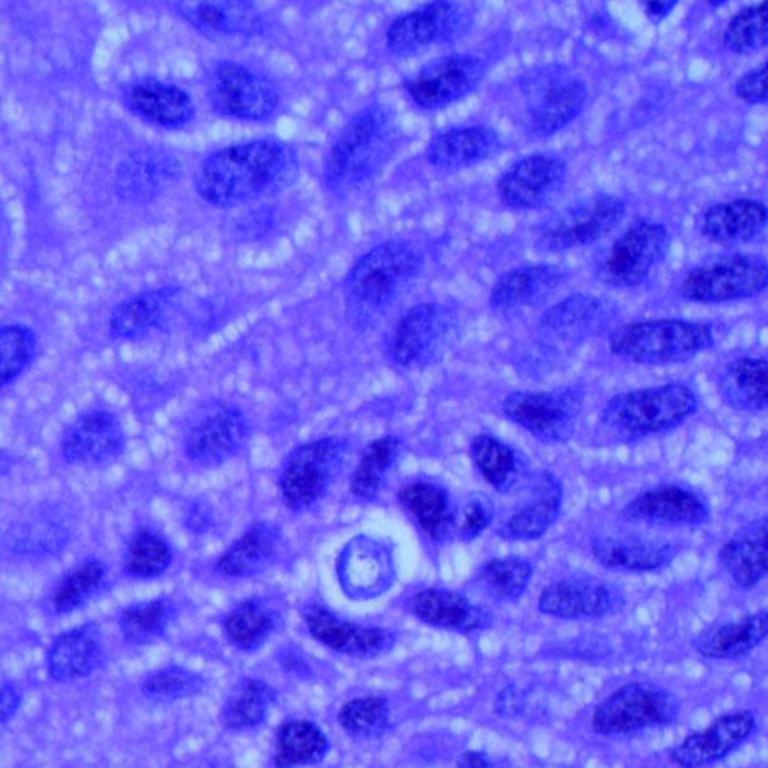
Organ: lung
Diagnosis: squamous carcinomas
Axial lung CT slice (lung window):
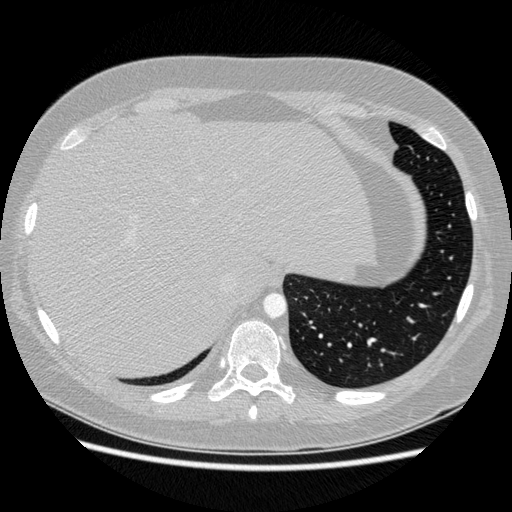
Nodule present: no
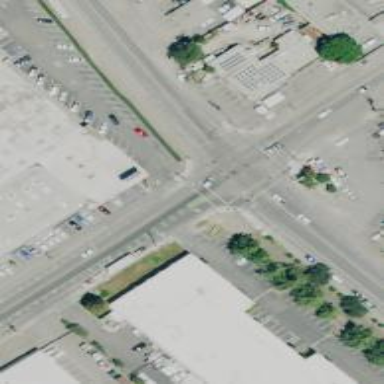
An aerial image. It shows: Solid stop line on the road marking.
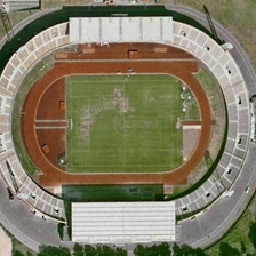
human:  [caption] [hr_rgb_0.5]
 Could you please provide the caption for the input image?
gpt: Stadium green and red runway.

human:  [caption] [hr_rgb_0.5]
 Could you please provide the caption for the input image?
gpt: Stadium green space and red track.

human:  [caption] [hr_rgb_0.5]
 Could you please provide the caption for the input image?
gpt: the green ground of the stadium and the red track.

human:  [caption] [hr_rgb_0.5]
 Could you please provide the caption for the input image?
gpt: Green and red stadiums

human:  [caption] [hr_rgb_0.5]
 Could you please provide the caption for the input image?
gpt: The Green Land of the stadium and the red runway.
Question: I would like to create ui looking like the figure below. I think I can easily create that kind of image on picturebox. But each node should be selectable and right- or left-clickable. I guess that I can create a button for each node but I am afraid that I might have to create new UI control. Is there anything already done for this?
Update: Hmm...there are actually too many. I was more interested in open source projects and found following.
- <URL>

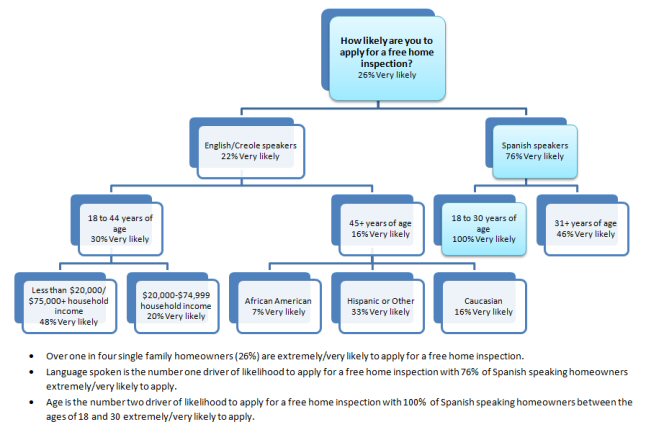
Answer: > Is there anything already done for this?
There should be a lot of options but from self experience we use <URL> for an internal Project and are pretty satisfied with the results.
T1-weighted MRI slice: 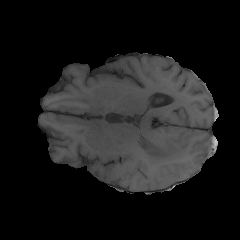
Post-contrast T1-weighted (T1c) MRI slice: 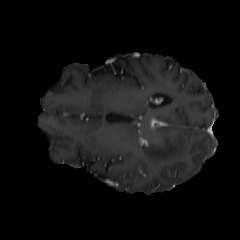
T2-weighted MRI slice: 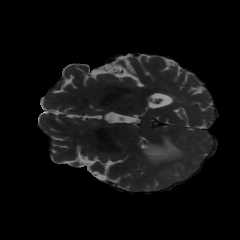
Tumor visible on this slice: yes
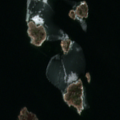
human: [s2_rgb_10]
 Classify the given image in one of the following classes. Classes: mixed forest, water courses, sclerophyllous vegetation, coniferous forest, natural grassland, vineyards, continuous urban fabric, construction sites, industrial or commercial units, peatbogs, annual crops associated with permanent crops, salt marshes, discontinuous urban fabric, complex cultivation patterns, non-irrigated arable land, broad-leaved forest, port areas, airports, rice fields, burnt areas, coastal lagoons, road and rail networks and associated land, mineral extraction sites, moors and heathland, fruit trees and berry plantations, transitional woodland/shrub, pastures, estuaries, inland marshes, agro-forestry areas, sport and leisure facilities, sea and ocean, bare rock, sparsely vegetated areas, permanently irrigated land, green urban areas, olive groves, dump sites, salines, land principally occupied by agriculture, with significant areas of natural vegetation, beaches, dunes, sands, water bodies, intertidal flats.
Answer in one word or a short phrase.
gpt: sea and ocean
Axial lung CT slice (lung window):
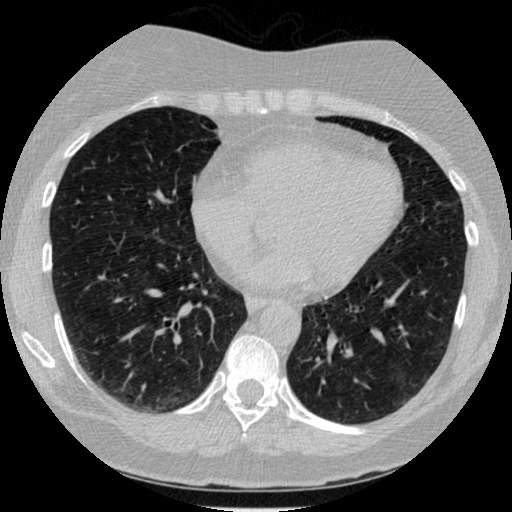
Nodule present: no
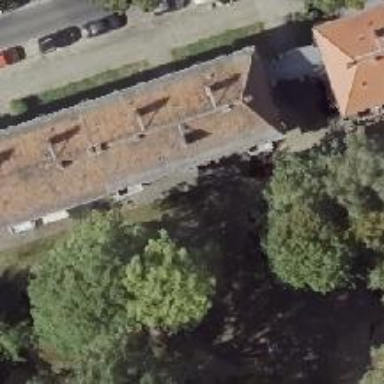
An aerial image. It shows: Hipped roof on apartment building.
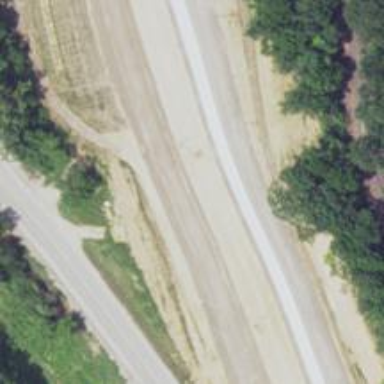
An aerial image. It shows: Trunk highway.

◆ WORK INSTRUCTIONS
For this exercise, please set down exactly the lines of the listing above from the line with "gpt: Green and red stadiums" up to and including the line with "human: [s2_rgb_10]", and no pictures.

◆ FINISHED TASK
gpt: Green and red stadiums

human:  [caption] [hr_rgb_0.5]
 Could you please provide the caption for the input image?
gpt: The Green Land of the stadium and the red runway.
Question: I would like to create ui looking like the figure below. I think I can easily create that kind of image on picturebox. But each node should be selectable and right- or left-clickable. I guess that I can create a button for each node but I am afraid that I might have to create new UI control. Is there anything already done for this?
Update: Hmm...there are actually too many. I was more interested in open source projects and found following.
- <URL>

Answer: > Is there anything already done for this?
There should be a lot of options but from self experience we use <URL> for an internal Project and are pretty satisfied with the results.
T1-weighted MRI slice: 
Post-contrast T1-weighted (T1c) MRI slice: 
T2-weighted MRI slice: 
Tumor visible on this slice: yes
human: [s2_rgb_10]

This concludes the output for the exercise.